The idea of dynamic programming is to focus on how the two neighboring states change. For this example, we just focus on moving from the current ladder to the next one. Let’s say our initial position is the 0th stair, and then we can easily imagine that every time we take a step up, we are in a position that is +1 on the previous level.

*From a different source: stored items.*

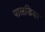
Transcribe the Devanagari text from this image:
पालडिया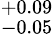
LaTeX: ^{+0.09}_{-0.05}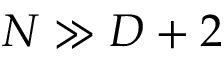
N \gg D + 2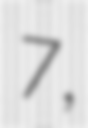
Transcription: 7,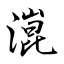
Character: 潉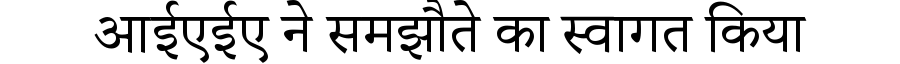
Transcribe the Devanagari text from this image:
आईएईए ने समझौते का स्वागत किया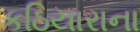
કઠિયારાના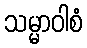
သမ္မာဝါစံ
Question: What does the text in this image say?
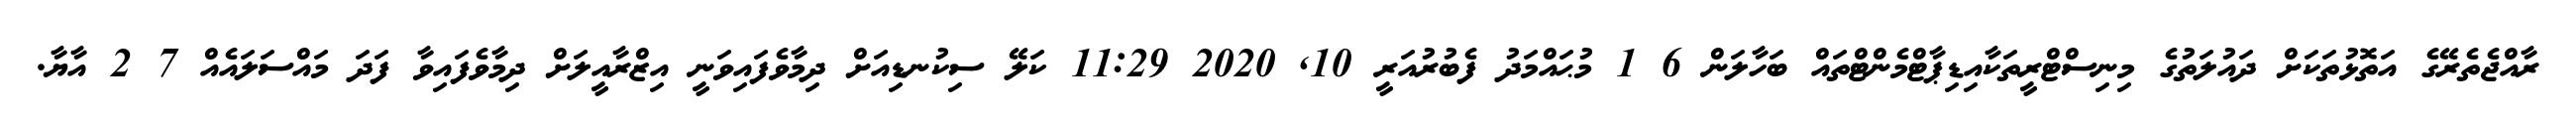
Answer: ރާއްޖެތެރޭގެ އަތޮޅުތަކަށް ދައުލަތުގެ މިނިސްޓްރީތަކާއިޑިޕާޓްމެންޓްތައް ބަހާލަން 6 1 މުޙައްމަދު ފެބުރުއަރީ 10, 2020 11:29 ކަލޭ ސިކުނޑިއަށް ދިމާވެފައިވަނީ އިޒްރާއީލަށް ދިމާވެފައިވާ ފަދަ މައްސަލައެއް 7 2 އާޔާ.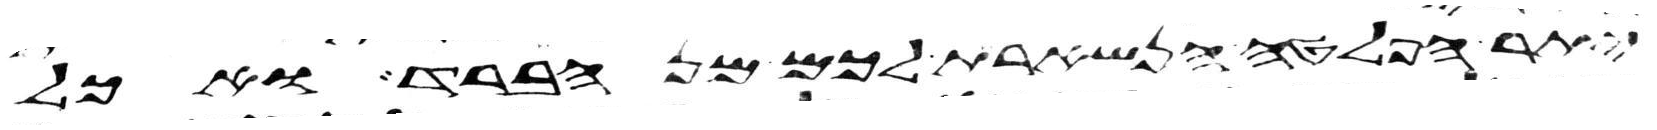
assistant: יתר הפלטה הנשארת לכם מן הברד ואכל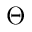
\Theta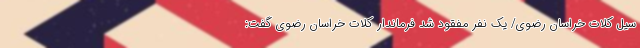
سیل کلات خراسان رضوی/ یک نفر مفقود شد فرماندار کلات خراسان رضوی گفت: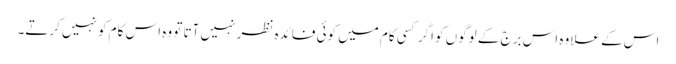
اس کے علاوہ اس برج کے لوگوں کو اگر کسی کام میں کوئی فائدہ نظر نہیں آتا تو وہ اس کام کو نہیں کرتے۔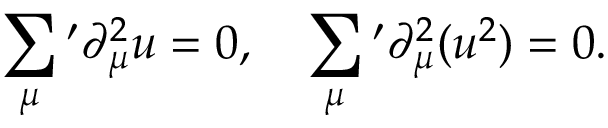
\sum _ { \mu } { } ^ { \prime } \partial _ { \mu } ^ { 2 } u = 0 , \quad \sum _ { \mu } { } ^ { \prime } \partial _ { \mu } ^ { 2 } ( u ^ { 2 } ) = 0 .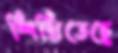
শিখিতেছে

Here, we can get an equation:

let cur = 0; // Current floor
let next = cur + 1; // The next floor
Copy the code

If we follow this equation, we’ll know how many steps there are by the time we get to the top. In code:

const stairs = 10; // Suppose there are 10 layers
function getStairs() {
  let cur = 0; // Current floor
  while(cur < stairs) {
    let next = cur + 1; // Get the next state from the current state
    cur = next; // Change the current state to the next state
  }
  return cur;
}
Copy the code

This example may be too simple to get a feel for. Let’s make it a little bit more complicated.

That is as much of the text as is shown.